The behavior extension that I would like to add, is that wildcards are also permitted. This will permit for all experiments to be enabled or disabled. i.e.

mysql [localhost:8024] {msandbox} ((none)) > SET optimizer_switch="*=off";
ERROR 1231 (42000): Variable 'optimizer_switch' can't be set to the value of '*=off'
mysql [localhost:8024] {msandbox} ((none)) > SET optimizer_switch="%=off";
ERROR 1231 (42000): Variable 'optimizer_switch' can't be set to the value of '%=off'

(I am not sure in this context which wildcard makes more sense, but it should be possible to update all experiments at once like this).

morgo commented 3 years ago

I have a demo available:

mysql> select @@tidb_experimental_feature_switch\G
*************************** 1. row ***************************
@@tidb_experimental_feature_switch: alter_placement=ON,cascades_planner=ON,change_column_type=OFF,change_multi_schema=OFF,chunk_rpc=ON,extended_stats=ON,fast_analyze=OFF,global_temporary_table=ON,index_merge=ON,parallel_apply=ON,pipelined_window_function=ON,point_get_cache=OFF,streaming=OFF,table_list_partitioning=ON,table_partitioning=ON,vectorized_expression=ON,window_functions=ON
1 row in set (0.00 sec)

mysql> SET tidb_experimental_feature_switch='change_multi_schema=ON';
Query OK, 0 rows affected (0.00 sec)

mysql> select @@tidb_experimental_feature_switch\G
*************************** 1. row ***************************
@@tidb_experimental_feature_switch: alter_placement=ON,cascades_planner=ON,change_column_type=OFF,change_multi_schema=ON,chunk_rpc=ON,extended_stats=ON,fast_analyze=OFF,global_temporary_table=ON,index_merge=ON,parallel_apply=ON,pipelined_window_function=ON,point_get_cache=OFF,streaming=OFF,table_list_partitioning=ON,table_partitioning=ON,vectorized_expression=ON,window_functions=ON
1 row in set (0.00 sec)

mysql> SET tidb_experimental_feature_switch='%=ON';
Query OK, 0 rows affected (0.00 sec)

mysql> select @@tidb_experimental_feature_switch\G
*************************** 1. row ***************************
@@tidb_experimental_feature_switch: alter_placement=ON,cascades_planner=ON,change_column_type=ON,change_multi_schema=ON,chunk_rpc=ON,extended_stats=ON,fast_analyze=ON,global_temporary_table=ON,index_merge=ON,parallel_apply=ON,pipelined_window_function=ON,point_get_cache=ON,streaming=ON,table_list_partitioning=ON,table_partitioning=ON,vectorized_expression=ON,window_functions=ON
1 row in set (0.00 sec)

mysql> SET tidb_experimental_feature_switch='%=OFF';
Query OK, 0 rows affected (0.00 sec)

mysql> select @@tidb_experimental_feature_switch\G
*************************** 1. row ***************************
@@tidb_experimental_feature_switch: alter_placement=OFF,cascades_planner=OFF,change_column_type=OFF,change_multi_schema=OFF,chunk_rpc=OFF,extended_stats=OFF,fast_analyze=OFF,global_temporary_table=OFF,index_merge=OFF,parallel_apply=OFF,pipelined_window_function=OFF,point_get_cache=OFF,streaming=OFF,table_list_partitioning=OFF,table_partitioning=OFF,vectorized_expression=OFF,window_functions=OFF
1 row in set (0.00 sec)
dveeden commented 3 years ago

I think having something like this would be good and helps people to avoid experimental or deprecated features.
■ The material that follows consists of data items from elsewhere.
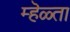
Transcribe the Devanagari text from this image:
म्हॆळ्ता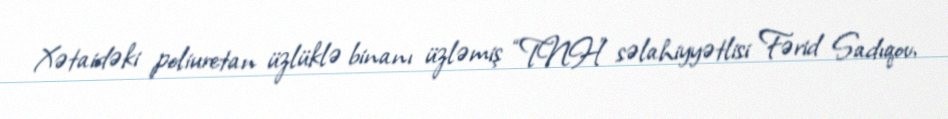
Xətaidəki poliuretan üzlüklə binanı üzləmiş “TNH” səlahiyyətlisi Fərid Sadıqov,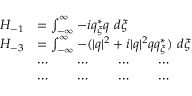
\begin{array} { r l } { H _ { - 1 } } & { = \int _ { - \infty } ^ { \infty } - i q _ { \xi } ^ { * } q \ d \xi } \\ { H _ { - 3 } } & { = \int _ { - \infty } ^ { \infty } - ( | q | ^ { 2 } + i | q | ^ { 2 } q q _ { \xi } ^ { * } ) \ d \xi } \\ & { \cdots \qquad \cdots \qquad \cdots \qquad \cdots } \\ & { \cdots \qquad \cdots \qquad \cdots \qquad \cdots } \end{array}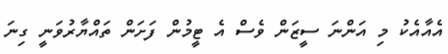
އެއާއެކު މި އަންނަ ސީޒަން ވެސް އެ ޓީމުން ފަށަން ތައްޔާރުވަނީ ގިނަ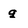
Character: q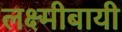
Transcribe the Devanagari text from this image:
लक्ष्मीबायी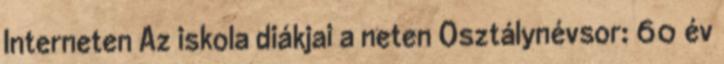
Interneten Az iskola diákjai a neten Osztálynévsor: 60 év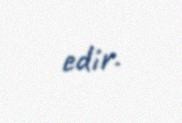
edir.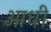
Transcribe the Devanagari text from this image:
अाधी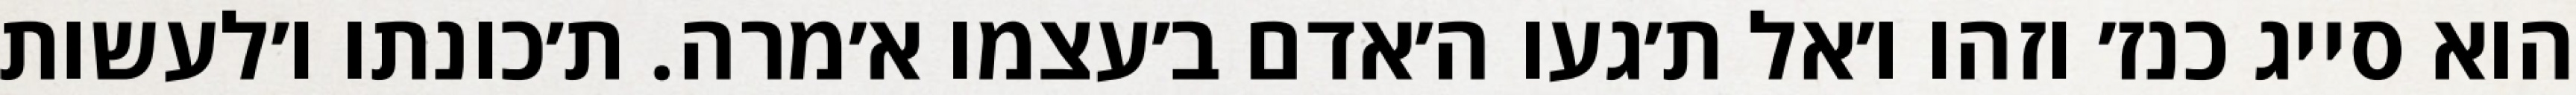
הוא סייג כנז׳ וזהו ו׳אל ת׳געו ה׳אדם ב׳עצמו א׳מרה. ת׳כונתו ו׳לעשות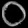
Digit: ၀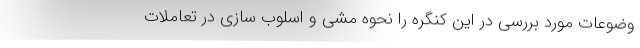
وضوعات مورد بررسی در این کنگره را نحوه مشی و اسلوب سازی در تعاملات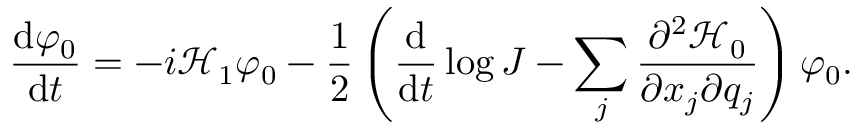
\frac { \mathrm { d } \varphi _ { 0 } } { \mathrm { d } t } = - i \mathcal { H } _ { 1 } \varphi _ { 0 } - \frac { 1 } { 2 } \left( \frac { \mathrm { d } } { \mathrm { d } t } \log { J } - \sum _ { j } \frac { \partial ^ { 2 } \mathcal { H } _ { 0 } } { \partial x _ { j } \partial q _ { j } } \right) \varphi _ { 0 } .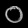
Digit: ၀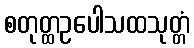
စတုတ္ထဥပေါသထသုတ္တံ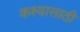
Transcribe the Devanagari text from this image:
कश्यासाठी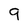
Character: 9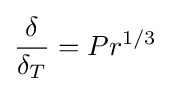
{\delta  \over \delta _{T}}=Pr^{1/3}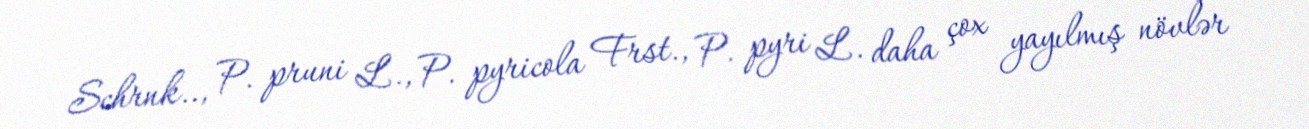
Schrnk.., P. pruni L., P. pyricola Frst., P. pyri L. daha çox yayılmış növlər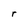
Character: r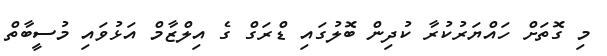
މި ގޮތަށް ހައްޔަރުކުރާ ކުދިން ބޮލުގައި ޑްރަގް ގެ އިލްޒާމް އަޅުވައި މުސީބާތް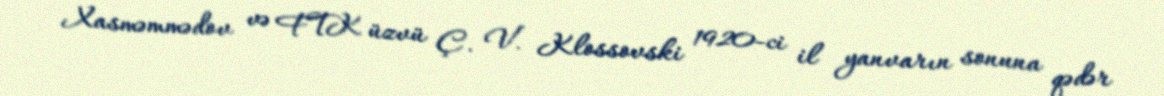
Xasməmmədov və FTK üzvü Ç. V. Klossovski 1920-ci il yanvarın sonuna qədər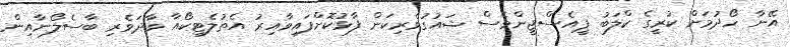
އޭނާ ހޯދުމަށް ކުރީގެ ކްލަބު ޕީއެސްޖީންވެސް ޝައުގުވެރިކަން ފާޅުކޮށްފައިވާއިރު އެތުލެޓިކޯއާ ވާދަވެރި ބާސެލޯނާއިން
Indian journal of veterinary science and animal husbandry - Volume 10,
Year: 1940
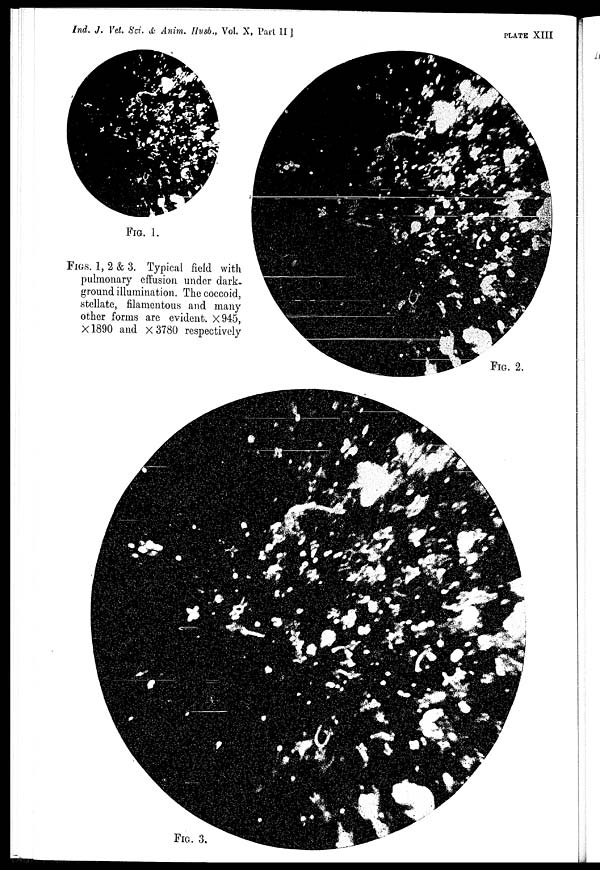
Ind. J. Vet. Sci. & Anim. Husb., Vol. X, Part II
]
PLATE
XIII
FIG. 1.
FIG. 2.
FIG. 3.
FIGS. 1, 2 & 3. Typical field with
pulmonary effusion under dark-
ground illumination. The coccoid,
stellate, filamentous and many
other forms are evident. ×945,
×1890 and × 3780 respectively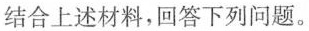
结合上述材料，回答下列问题。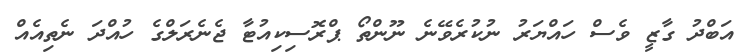
އަބްދު ގާޒީ ވެސް ހައްޔަރު ނުކުރެވޭނެ ނޫންތޯ ޕްރޮސިކިއުޓާ ޖެނެރަލްގެ ހުއްދަ ނެތިއެއް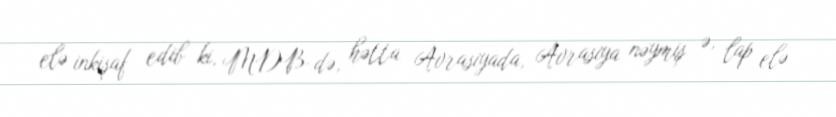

It might be useful to have a tidb_enable_deprecated_features with ON/OFF/WARN. So ON would not result in warnings etc but WARN would. Warnings could be in logging or as SQL warnings or both.

For the tidb_experimental_feature_switch: We could consider JSON for this as that is easier to filter/modify/validate from applications and SQL.